Talking about gender and bodies can be hard and confusing, even more so, if you actually care about keeping your language trans-inclusive. So have this listicle, which I sporadically update and amend.

What is Biological Essentialism?

Biological essentialism, often shortened to bio-essentialism, is one of the most common forms of transantagonistic language and it generally revolves around using some (most often entirely arbitrary) understanding of “biology” to force a categorization onto people’s identities and award or deny people the validity of their gender. It usually plays out in the form of “.. but you are ..”, so look out whenever that’s about to roll off your tongue. The gender of a person can only ever be determined by the person itself and its validity is (with some obvious exclusions like “attack helicopter” and similar) not dependent on whether you think that’s a “real” gender or not. All gender is made up and just an expression of who we are, which can never be defined, only expressed, by language. As such, one cannot “see” gender, so don’t even try.

1. Talking about “sex”.

While the trans discourse is ever ongoing and may change and loop back on itself, it is generally advisable to speak of gender, when you mean people, and not use gendered language for bodies or bodily configurations. As a rule of thumb, whatever the gender of the person is, is also the gender (or “sex”) of the body.

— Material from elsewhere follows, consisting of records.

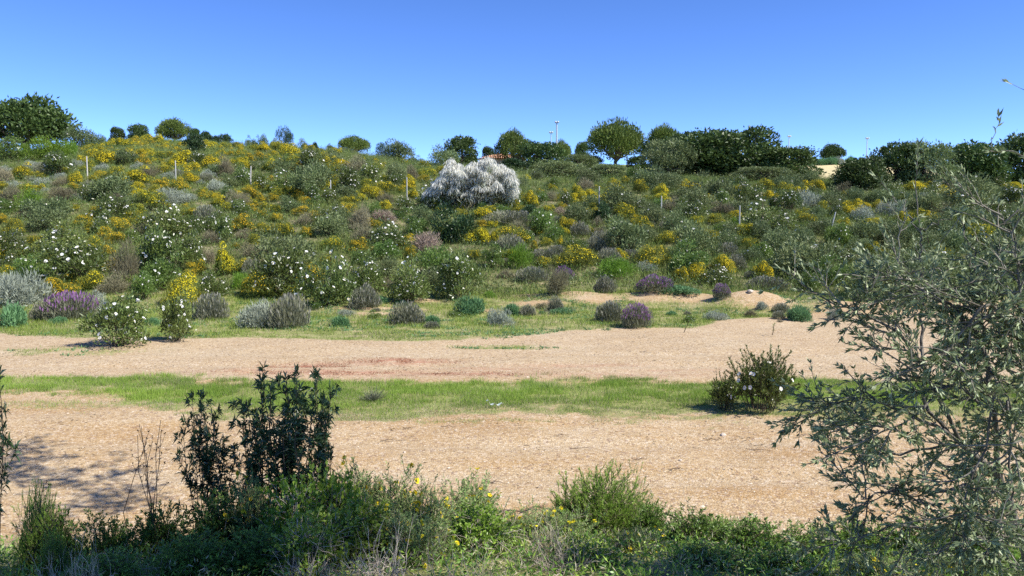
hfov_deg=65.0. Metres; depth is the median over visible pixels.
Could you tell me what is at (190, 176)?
broom bush
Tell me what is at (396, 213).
rockrose bush
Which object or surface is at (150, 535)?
evergreen bush
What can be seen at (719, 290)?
lavender bush
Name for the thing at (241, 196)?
dry bush
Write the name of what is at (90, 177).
broom bush
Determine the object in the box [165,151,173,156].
broom bush
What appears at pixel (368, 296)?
lavender bush
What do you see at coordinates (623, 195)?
grey rockrose bush
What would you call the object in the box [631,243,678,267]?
broom bush
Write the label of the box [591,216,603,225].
dry bush
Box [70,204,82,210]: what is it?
broom bush
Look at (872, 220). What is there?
broom bush
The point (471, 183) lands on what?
white broom
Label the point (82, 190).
rockrose bush
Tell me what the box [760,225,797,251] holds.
grey rockrose bush
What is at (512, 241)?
lavender bush
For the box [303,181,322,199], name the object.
rockrose bush
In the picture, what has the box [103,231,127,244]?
yellow rockrose bush
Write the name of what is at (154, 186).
broom bush
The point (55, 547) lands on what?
fine leaved bush
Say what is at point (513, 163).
mastic bush
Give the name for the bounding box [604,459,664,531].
fine leaved bush
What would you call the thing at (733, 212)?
broom bush
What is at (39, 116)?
holm oak
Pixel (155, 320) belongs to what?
herb clump
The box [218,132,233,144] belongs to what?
crest bush
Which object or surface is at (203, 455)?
tall rockrose
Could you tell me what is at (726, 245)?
lavender bush
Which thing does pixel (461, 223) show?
mastic bush
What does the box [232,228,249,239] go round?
dry bush
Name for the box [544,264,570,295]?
dry bush
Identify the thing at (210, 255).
dry bush
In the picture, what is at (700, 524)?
evergreen bush
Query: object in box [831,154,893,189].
thicket tree
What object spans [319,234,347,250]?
broom bush
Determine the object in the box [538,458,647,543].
fine leaved bush
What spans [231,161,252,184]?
rockrose bush
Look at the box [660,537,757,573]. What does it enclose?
evergreen bush
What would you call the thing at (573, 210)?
grey rockrose bush
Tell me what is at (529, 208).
mastic bush
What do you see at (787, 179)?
grey rockrose bush
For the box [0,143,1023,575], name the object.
ground
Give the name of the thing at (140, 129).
thicket tree
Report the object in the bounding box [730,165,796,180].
wild olive tree
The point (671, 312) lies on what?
herb clump
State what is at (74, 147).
green bush
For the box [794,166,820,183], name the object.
grey rockrose bush
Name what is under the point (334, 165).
broom bush
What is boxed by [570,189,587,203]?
broom bush
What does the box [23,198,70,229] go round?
grey rockrose bush
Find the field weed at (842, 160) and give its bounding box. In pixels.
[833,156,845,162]
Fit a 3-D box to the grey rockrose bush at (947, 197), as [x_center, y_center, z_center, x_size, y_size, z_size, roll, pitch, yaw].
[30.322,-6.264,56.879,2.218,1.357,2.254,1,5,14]
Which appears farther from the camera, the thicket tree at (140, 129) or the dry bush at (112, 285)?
the thicket tree at (140, 129)
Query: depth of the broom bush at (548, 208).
49.37 m
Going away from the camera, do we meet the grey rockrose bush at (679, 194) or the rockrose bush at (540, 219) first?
the rockrose bush at (540, 219)
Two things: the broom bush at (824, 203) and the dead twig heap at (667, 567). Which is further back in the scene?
the broom bush at (824, 203)
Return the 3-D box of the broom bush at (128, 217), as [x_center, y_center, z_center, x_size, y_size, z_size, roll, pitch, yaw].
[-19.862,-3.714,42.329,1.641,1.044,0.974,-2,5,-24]
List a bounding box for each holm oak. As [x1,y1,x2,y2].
[0,91,82,148]
[818,143,846,158]
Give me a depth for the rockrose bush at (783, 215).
46.23 m
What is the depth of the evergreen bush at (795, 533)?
5.44 m
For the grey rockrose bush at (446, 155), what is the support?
on the ground at (108, 435)
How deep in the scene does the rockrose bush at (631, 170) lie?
72.17 m
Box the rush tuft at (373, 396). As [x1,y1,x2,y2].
[355,385,390,400]
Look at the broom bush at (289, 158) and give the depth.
60.42 m
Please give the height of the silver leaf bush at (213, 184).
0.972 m
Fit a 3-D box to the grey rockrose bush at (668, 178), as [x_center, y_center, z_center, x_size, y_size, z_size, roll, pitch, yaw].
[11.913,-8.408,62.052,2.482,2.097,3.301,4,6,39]
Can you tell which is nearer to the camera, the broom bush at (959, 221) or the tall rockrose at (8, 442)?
the tall rockrose at (8, 442)
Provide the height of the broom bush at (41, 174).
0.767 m
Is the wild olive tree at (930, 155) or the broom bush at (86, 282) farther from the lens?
the wild olive tree at (930, 155)
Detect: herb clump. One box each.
[0,300,27,327]
[46,315,69,323]
[143,317,161,325]
[328,314,350,326]
[380,295,388,303]
[423,314,440,323]
[452,293,485,315]
[504,303,519,315]
[549,307,576,314]
[657,284,701,294]
[667,310,676,315]
[783,303,813,321]
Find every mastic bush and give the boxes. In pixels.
[181,132,206,151]
[428,199,478,243]
[500,157,531,170]
[517,204,537,213]
[593,201,613,221]
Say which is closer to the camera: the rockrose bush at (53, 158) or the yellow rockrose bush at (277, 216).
the yellow rockrose bush at (277, 216)
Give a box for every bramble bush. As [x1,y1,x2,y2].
[248,472,333,561]
[259,503,362,575]
[286,459,369,530]
[318,488,404,568]
[438,500,520,559]
[550,535,636,570]
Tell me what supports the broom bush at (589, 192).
on the ground at (108, 435)
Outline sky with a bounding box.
[0,0,1023,172]
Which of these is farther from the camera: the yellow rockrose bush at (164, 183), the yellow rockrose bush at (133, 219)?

I personally do mostly (but not entirely) agree with this article about it, but other trans people might fundamentally disagree (surprisingly, we’re not one monolithic entity!).

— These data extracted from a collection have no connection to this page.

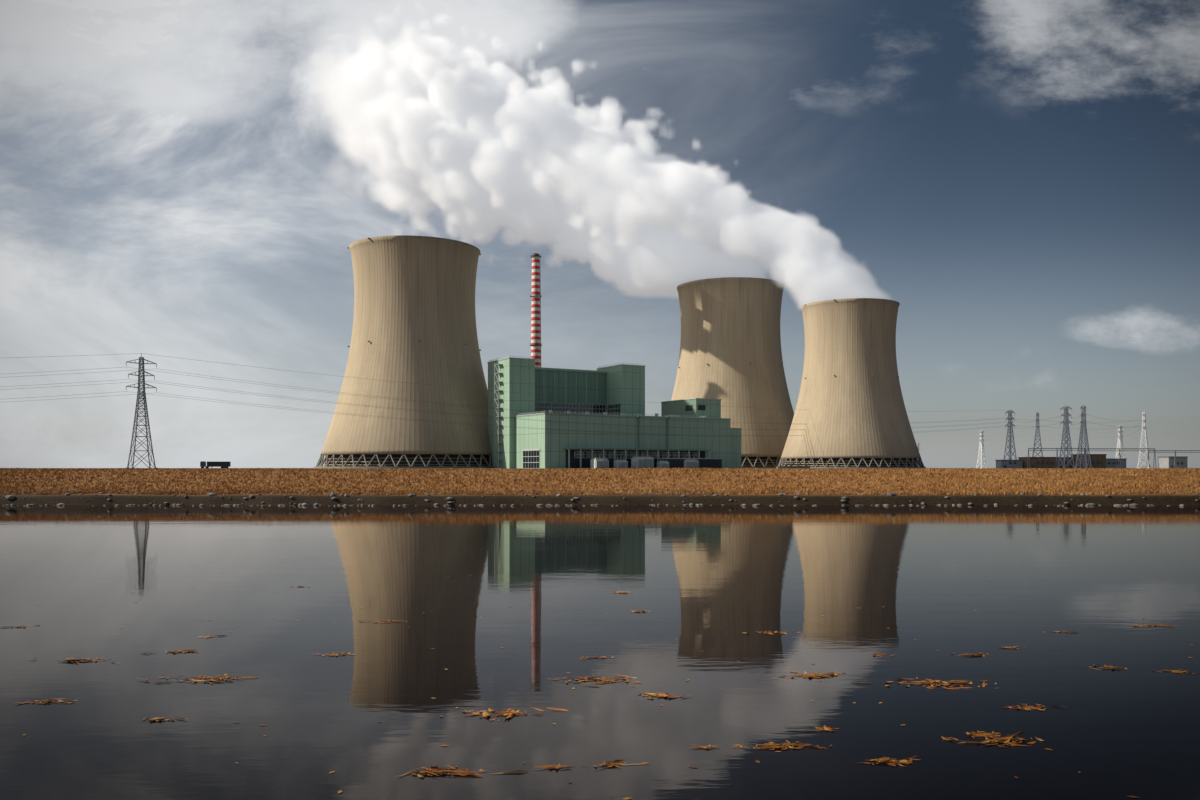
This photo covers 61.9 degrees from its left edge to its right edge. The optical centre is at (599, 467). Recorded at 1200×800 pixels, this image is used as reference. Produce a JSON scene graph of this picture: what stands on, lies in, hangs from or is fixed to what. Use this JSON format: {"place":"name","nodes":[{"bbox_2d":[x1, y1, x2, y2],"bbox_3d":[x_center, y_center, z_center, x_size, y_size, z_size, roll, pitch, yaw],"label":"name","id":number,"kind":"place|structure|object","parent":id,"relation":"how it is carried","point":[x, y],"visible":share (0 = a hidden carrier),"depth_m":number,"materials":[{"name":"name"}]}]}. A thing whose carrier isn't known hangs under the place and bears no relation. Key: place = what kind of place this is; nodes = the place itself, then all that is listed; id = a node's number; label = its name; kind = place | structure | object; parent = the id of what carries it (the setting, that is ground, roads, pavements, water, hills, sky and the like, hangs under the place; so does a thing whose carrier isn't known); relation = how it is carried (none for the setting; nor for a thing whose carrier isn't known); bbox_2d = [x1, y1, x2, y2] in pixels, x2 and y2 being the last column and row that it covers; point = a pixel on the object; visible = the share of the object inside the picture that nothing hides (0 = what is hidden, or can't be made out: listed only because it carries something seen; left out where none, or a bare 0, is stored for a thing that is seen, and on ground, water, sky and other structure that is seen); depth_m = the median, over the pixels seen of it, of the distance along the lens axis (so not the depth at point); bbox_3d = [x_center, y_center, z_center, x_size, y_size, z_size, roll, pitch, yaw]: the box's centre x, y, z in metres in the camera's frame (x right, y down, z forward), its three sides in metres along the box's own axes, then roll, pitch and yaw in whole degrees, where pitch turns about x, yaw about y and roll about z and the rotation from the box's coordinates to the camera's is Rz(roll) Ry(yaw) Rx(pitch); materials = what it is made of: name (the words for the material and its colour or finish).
{"place":"outdoors","nodes":[
{"label":"outdoors","id":0,"kind":"place"},
{"bbox_2d":[314,235,493,467],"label":"cooling tower","id":1,"kind":"structure","parent":0,"point":[414,319],"depth_m":647.32,"materials":[{"name":"concrete"}]},
{"bbox_2d":[0,505,1199,799],"bbox_3d":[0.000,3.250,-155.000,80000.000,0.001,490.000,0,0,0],"label":"water","id":2,"kind":"structure","parent":0,"point":[714,591],"depth_m":19.64,"materials":[{"name":"grey liquid"}]},
{"bbox_2d":[0,524,1191,799],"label":"floating leaves","id":3,"kind":"object","parent":2,"relation":"on","point":[772,746],"visible":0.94,"depth_m":13.21,"materials":[{"name":"orange plant"}]},
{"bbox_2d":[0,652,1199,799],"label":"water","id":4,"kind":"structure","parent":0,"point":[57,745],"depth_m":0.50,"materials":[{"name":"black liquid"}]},
{"bbox_2d":[0,468,1199,504],"bbox_3d":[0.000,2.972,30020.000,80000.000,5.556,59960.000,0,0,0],"label":"ground","id":5,"kind":"structure","parent":0,"point":[1163,498],"depth_m":87.95,"materials":[{"name":"brown soil"}]},
{"bbox_2d":[126,353,156,468],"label":"pylon","id":6,"kind":"object","parent":5,"relation":"on","point":[143,393],"visible":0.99,"depth_m":494.46,"materials":[{"name":"silver metal"}]},
{"bbox_2d":[0,353,1140,440],"bbox_3d":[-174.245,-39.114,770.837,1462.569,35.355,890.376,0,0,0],"label":"conductors","id":7,"kind":"object","parent":6,"relation":"hanging from","point":[456,404],"visible":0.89,"depth_m":561.85,"materials":[{"name":"grey"}]},
{"bbox_2d":[200,461,230,467],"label":"truck","id":8,"kind":"object","parent":5,"relation":"on","point":[217,464],"visible":0.86,"depth_m":554.72,"materials":[{"name":"black metal"}]},
{"bbox_2d":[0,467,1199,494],"bbox_3d":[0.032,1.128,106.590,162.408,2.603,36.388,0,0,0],"label":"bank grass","id":9,"kind":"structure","parent":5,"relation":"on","point":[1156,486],"depth_m":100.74,"materials":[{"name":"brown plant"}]},
{"bbox_2d":[0,492,1199,505],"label":"bank stones","id":10,"kind":"object","parent":5,"relation":"on","point":[9,497],"visible":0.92,"depth_m":87.18,"materials":[{"name":"grey stone"}]},
{"bbox_2d":[487,356,741,467],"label":"power station","id":11,"kind":"object","parent":5,"relation":"on","point":[694,444],"visible":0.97,"depth_m":642.87,"materials":[{"name":"green metal"}]},
{"bbox_2d":[530,253,541,366],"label":"chimney","id":12,"kind":"object","parent":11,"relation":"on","point":[536,343],"visible":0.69,"depth_m":777.09,"materials":[{"name":"red metal"}]},
{"bbox_2d":[776,298,925,467],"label":"cooling tower","id":13,"kind":"structure","parent":5,"relation":"on","point":[851,401],"depth_m":683.88,"materials":[{"name":"concrete"}]},
{"bbox_2d":[976,430,986,467],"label":"pylon","id":14,"kind":"object","parent":5,"relation":"on","point":[981,443],"visible":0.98,"depth_m":1215.11,"materials":[{"name":"silver metal"}]},
{"bbox_2d":[1003,410,1016,459],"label":"pylon","id":15,"kind":"object","parent":5,"relation":"on","point":[1009,429],"visible":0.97,"depth_m":789.07,"materials":[{"name":"silver metal"}]},
{"bbox_2d":[1032,412,1042,456],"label":"pylon","id":16,"kind":"object","parent":5,"relation":"on","point":[1038,432],"visible":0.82,"depth_m":816.67,"materials":[{"name":"silver metal"}]},
{"bbox_2d":[1058,406,1074,467],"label":"pylon","id":17,"kind":"object","parent":5,"relation":"on","point":[1066,421],"visible":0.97,"depth_m":737.00,"materials":[{"name":"silver metal"}]},
{"bbox_2d":[1075,404,1091,467],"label":"pylon","id":18,"kind":"object","parent":5,"relation":"on","point":[1083,421],"visible":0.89,"depth_m":725.44,"materials":[{"name":"silver metal"}]},
{"bbox_2d":[996,448,1199,467],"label":"substation","id":19,"kind":"object","parent":5,"relation":"on","point":[1103,461],"visible":0.85,"depth_m":742.00,"materials":[{"name":"grey"}]},
{"bbox_2d":[1116,425,1124,457],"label":"pylon","id":20,"kind":"object","parent":5,"relation":"on","point":[1120,436],"visible":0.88,"depth_m":1070.19,"materials":[{"name":"silver metal"}]},
{"bbox_2d":[1137,412,1150,467],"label":"pylon","id":21,"kind":"object","parent":5,"relation":"on","point":[1143,435],"visible":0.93,"depth_m":817.35,"materials":[{"name":"silver metal"}]},
{"bbox_2d":[0,0,1199,467],"label":"sky","id":22,"kind":"structure","parent":0,"point":[196,180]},
{"bbox_2d":[671,277,793,467],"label":"cooling tower","id":23,"kind":"structure","parent":0,"point":[730,355],"depth_m":789.20,"materials":[{"name":"concrete"}]}
]}

Generally, every person has the right to decide for themselves how they talk about their gender and whether or not they see their sex as “the same” as their gender or differing from it. Both gender and sex are, after all, social constructs that resonate more or less with the actual reality. Where ever your self-identification has implications for other people, though, you should thread really, really carefully. That’s why one should never gender bodies, bodily configurations, genitals or other organs independently of their owner. A male person has a male body, male genitals, etc, no matter how they look. A body all by itself doesn’t have a gender. So a penis is not a male genital, not a cis man’s genital either, unless that specific genital is attached to a person that self-determined their gender as “man”.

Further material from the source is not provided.